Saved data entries
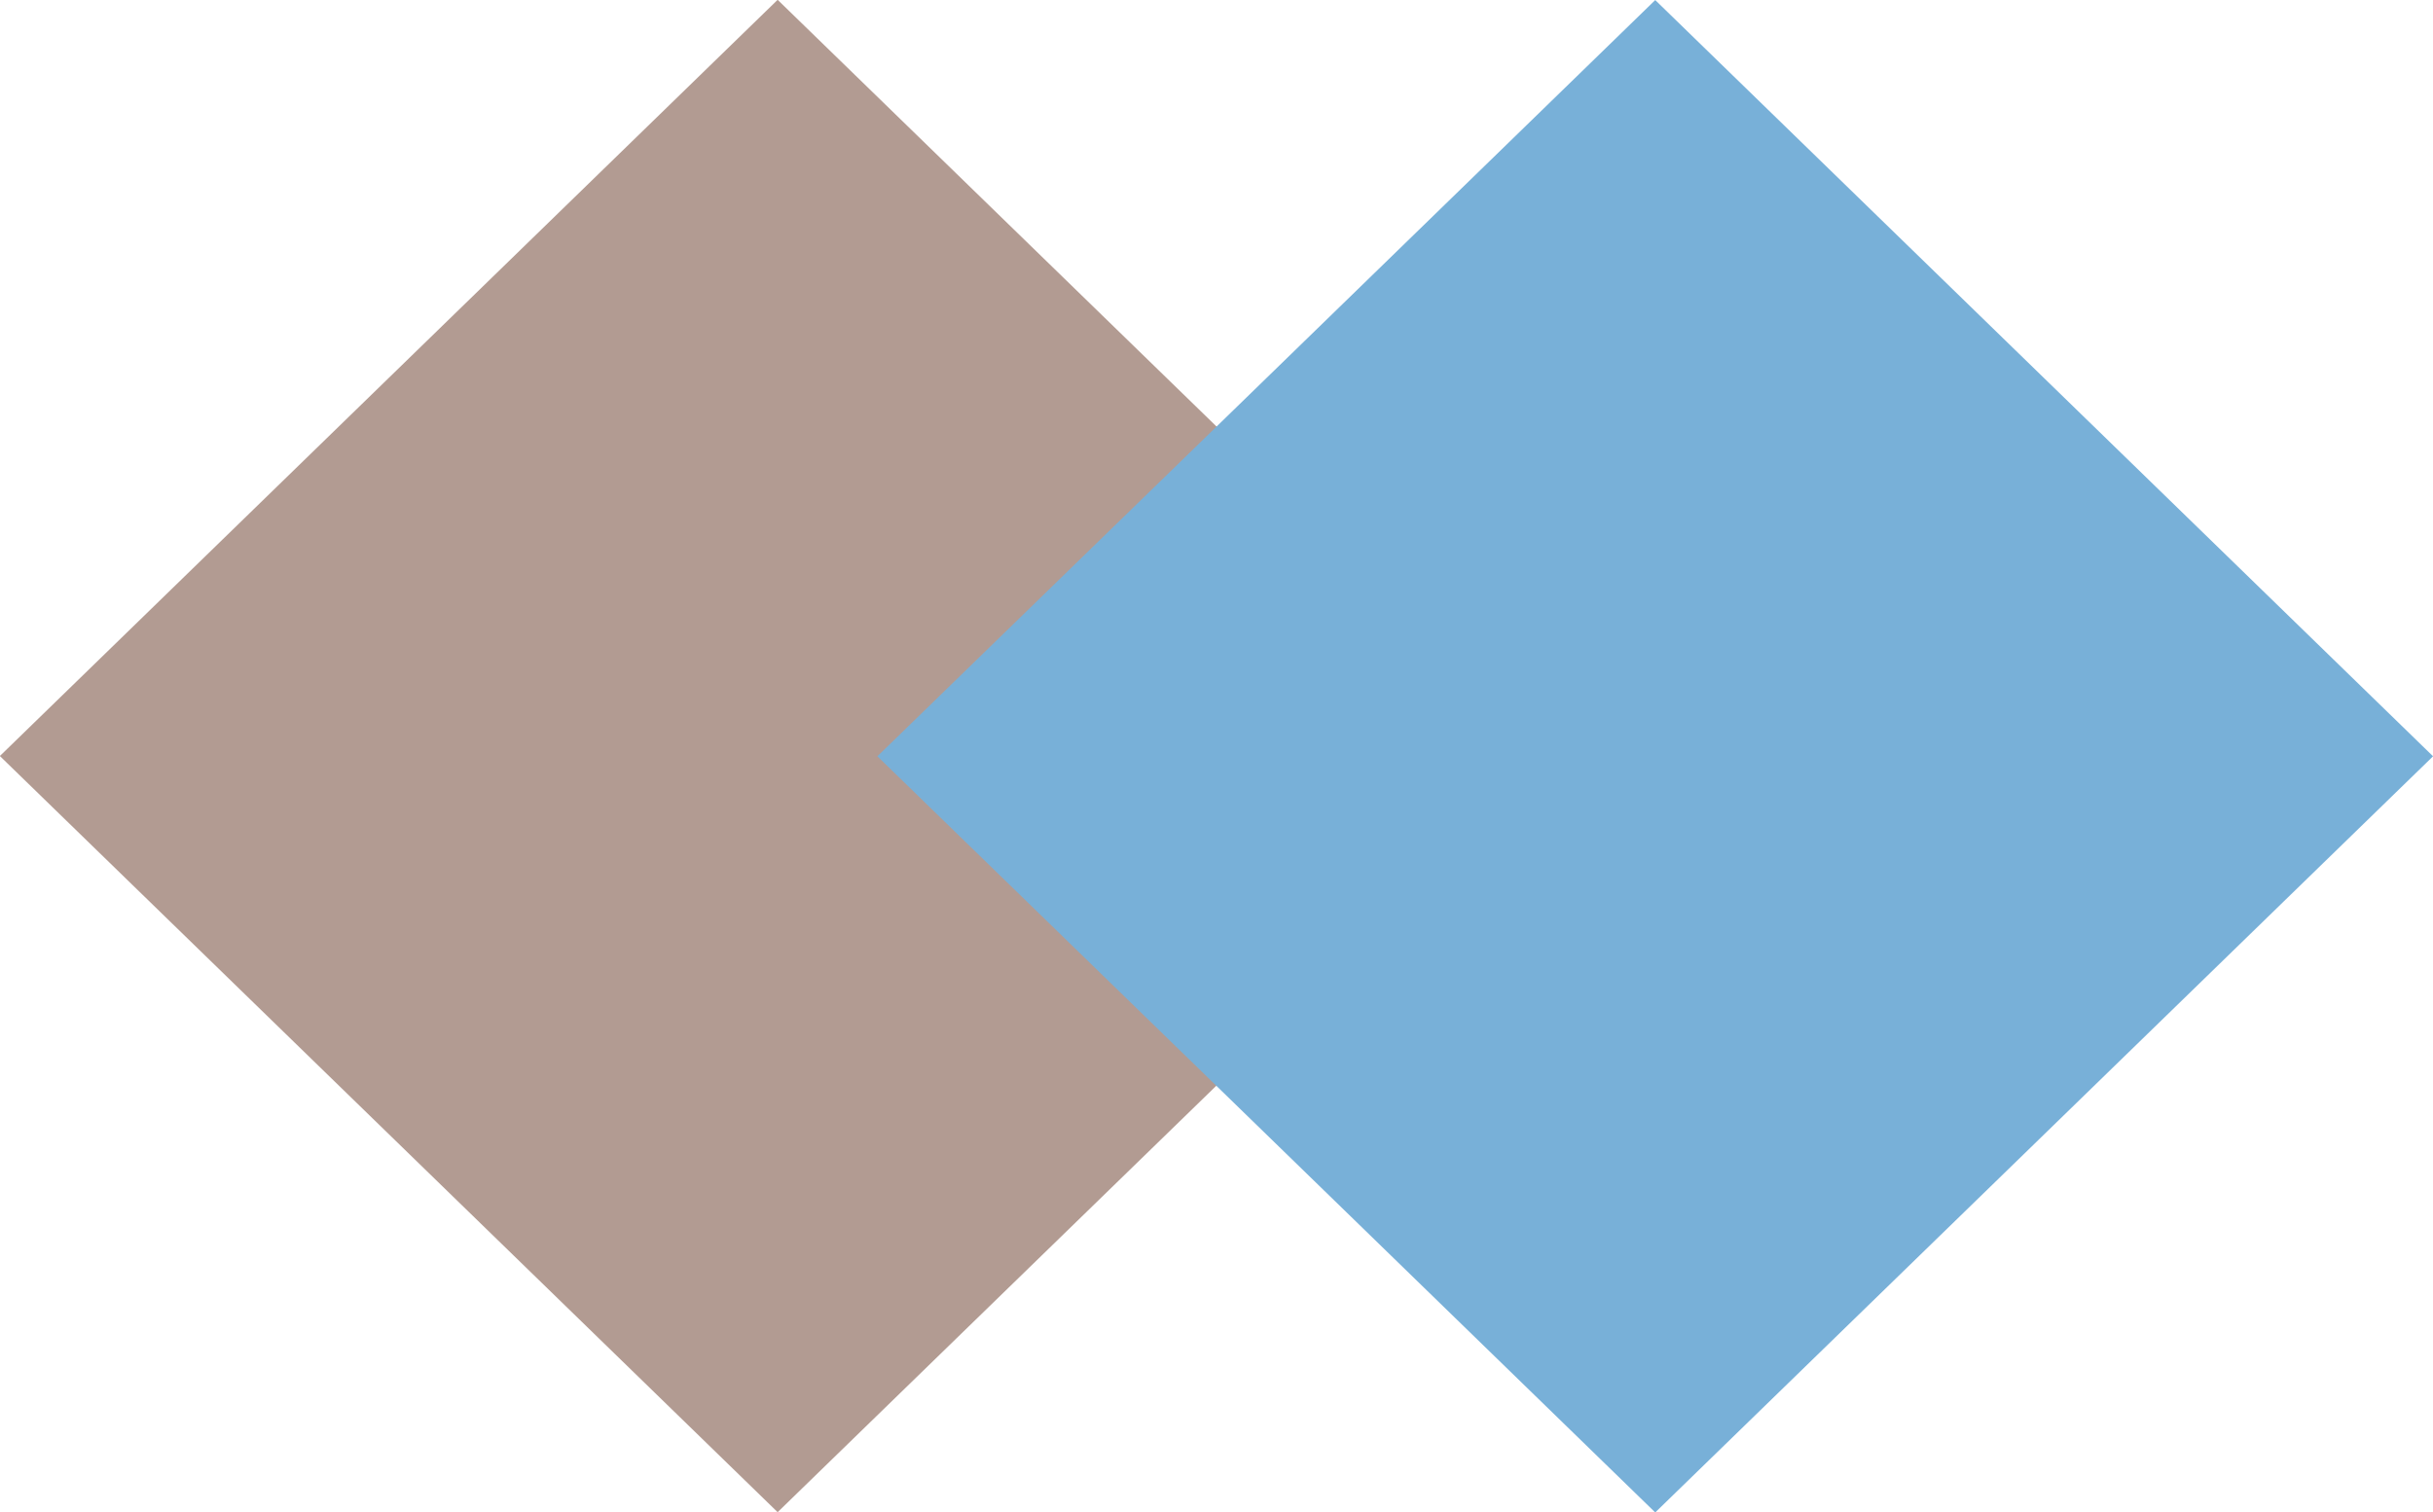 <svg width="37" height="23" viewBox="0 0 37 23" fill="none" xmlns="http://www.w3.org/2000/svg">
<g clip-path="url(#clip0)">
<path d="M23.655 11.5L11.826 -0.003L-0.002 11.5L11.826 23.002L23.655 11.5Z" fill="#B29B92"/>
<path d="M37.001 11.504L25.172 0.001L13.343 11.504L25.172 23.006L37.001 11.504Z" fill="#78B0D8"/>
</g>
<defs>
<clipPath id="clip0">
<rect width="37" height="23" fill="white"/>
</clipPath>
</defs>
</svg>

ACTIVITY ->
Give back all entries exactly. No pictures belong in the copy.

SOLUTION FOR THIS EXERCISE ->
 <svg width="37" height="23" viewBox="0 0 37 23" fill="none" xmlns="http://www.w3.org/2000/svg">
<g clip-path="url(#clip0)">
<path d="M23.655 11.5L11.826 -0.003L-0.002 11.5L11.826 23.002L23.655 11.5Z" fill="#B29B92"/>
<path d="M37.001 11.504L25.172 0.001L13.343 11.504L25.172 23.006L37.001 11.504Z" fill="#78B0D8"/>
</g>
<defs>
<clipPath id="clip0">
<rect width="37" height="23" fill="white"/>
</clipPath>
</defs>
</svg>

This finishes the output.